Clearly this is a phenomenon that goes beyond S&E education and work.

The most obvious answer for why we see this loose coupling is that the skills you obtain in a degree program are beneficial in a lot of different fields. Indeed being the guy with a seminary degree in some settings can give you unique insights that other people at your place of work wouldn't have. This is usually the explanation that you hear most, and I think that's for good reason - it's probably an important factor in most cases. In the case of seminary students there are other pressures, primarily that it's getting harder to make a living at a church as people become less attached (and therefore less financially attached) to their churches.
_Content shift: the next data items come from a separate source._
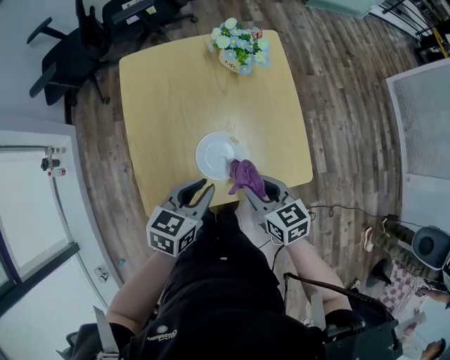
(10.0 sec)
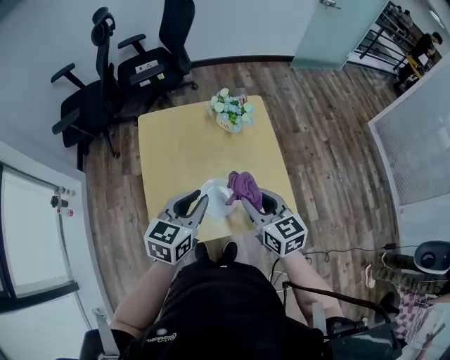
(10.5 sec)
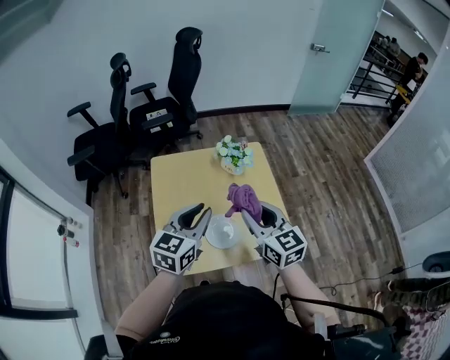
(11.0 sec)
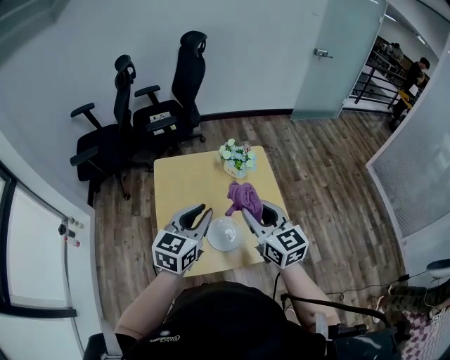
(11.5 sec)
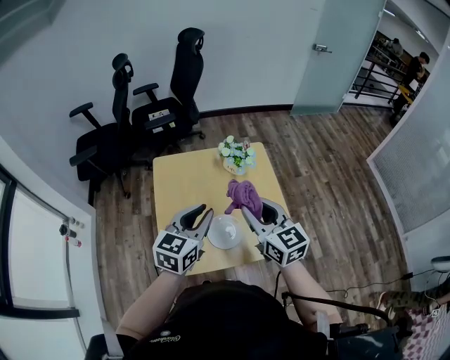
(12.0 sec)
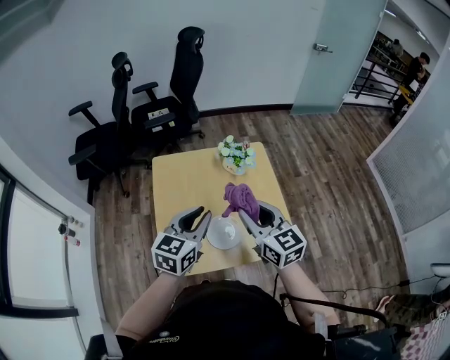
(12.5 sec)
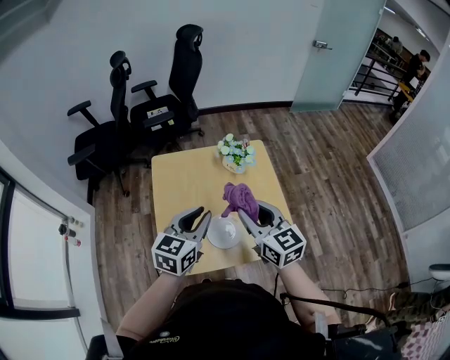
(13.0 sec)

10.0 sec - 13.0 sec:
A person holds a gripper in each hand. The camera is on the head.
10.0 sec - 11.5 sec: The grippers both shift upward by roughly 20 cm. The left gripper swivels roughly 30 degrees; the right gripper swivels roughly 30 degrees.
11.5 sec - 13.0 sec: The grippers move only a little.

Another explanation I'm going to be exploring in my dissertation is the real option value of degree for getting a job in a particular field. If you get a degree in an S&E field you are not guaranteed to get a high paying job in that field, but the likelihood of getting one goes up. Instead of applying to that S&E job with probability A of getting the job, you can exercise the option of applying with probability B - an option that is only available to people with an S&E degree (all others apply with a lower probability A). Ex ante, the availability of that S&E job and its pay relative to the available outside opportunities is uncertain, but an S&E degree offers the opportunity to exercise certain options if the circumstances are right.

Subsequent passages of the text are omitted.